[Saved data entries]

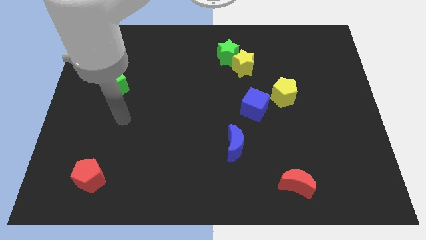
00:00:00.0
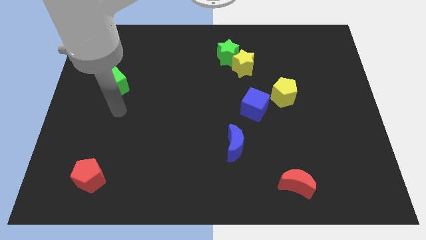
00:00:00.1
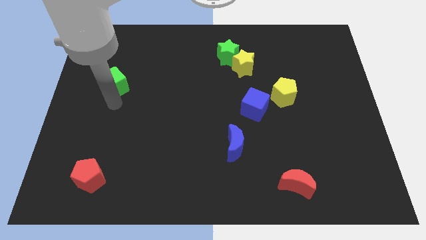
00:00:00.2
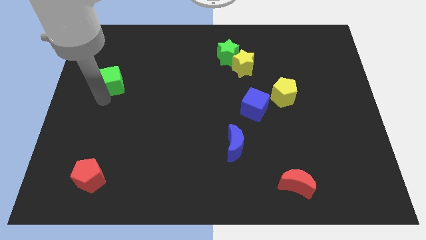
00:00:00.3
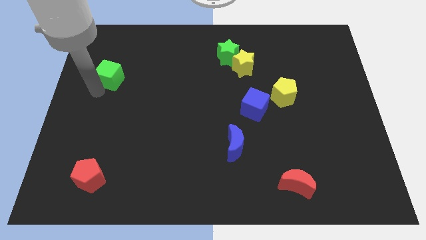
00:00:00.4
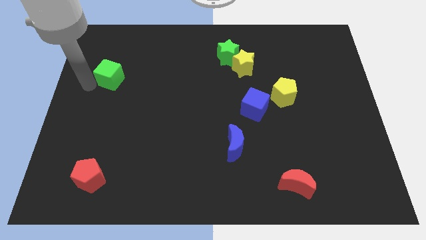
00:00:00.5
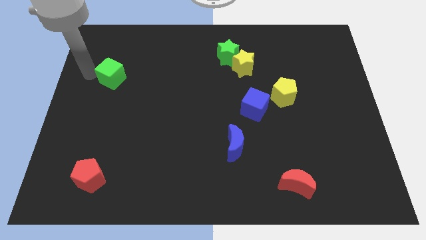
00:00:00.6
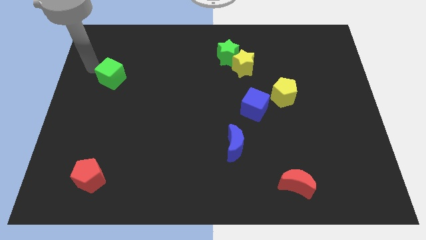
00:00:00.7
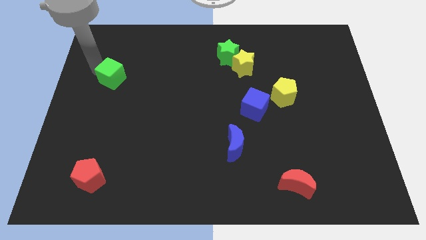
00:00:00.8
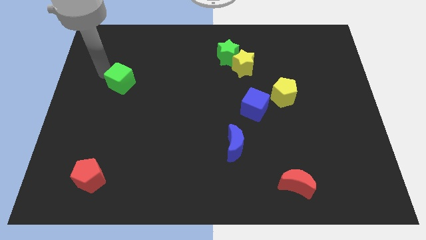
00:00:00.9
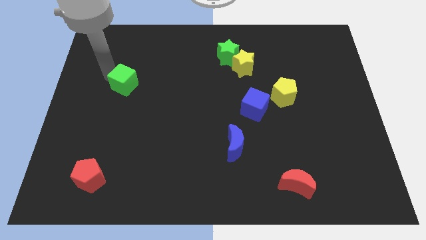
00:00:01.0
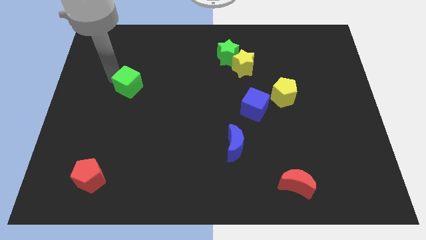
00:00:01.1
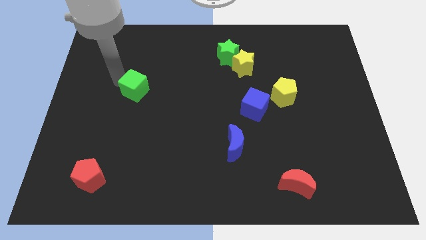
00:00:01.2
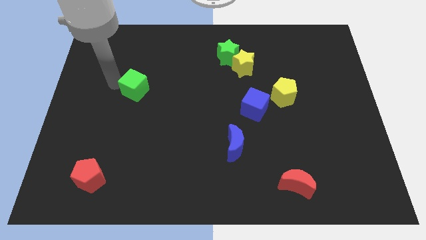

WHAT YOU SHOULD DO. An exact reproduction of the data is needed, with no pictures included.

ANSWER FOR THE TASK.
00:00:00.0
00:00:00.1
00:00:00.2
00:00:00.3
00:00:00.4
00:00:00.5
00:00:00.6
00:00:00.7
00:00:00.8
00:00:00.9
00:00:01.0
00:00:01.1
00:00:01.2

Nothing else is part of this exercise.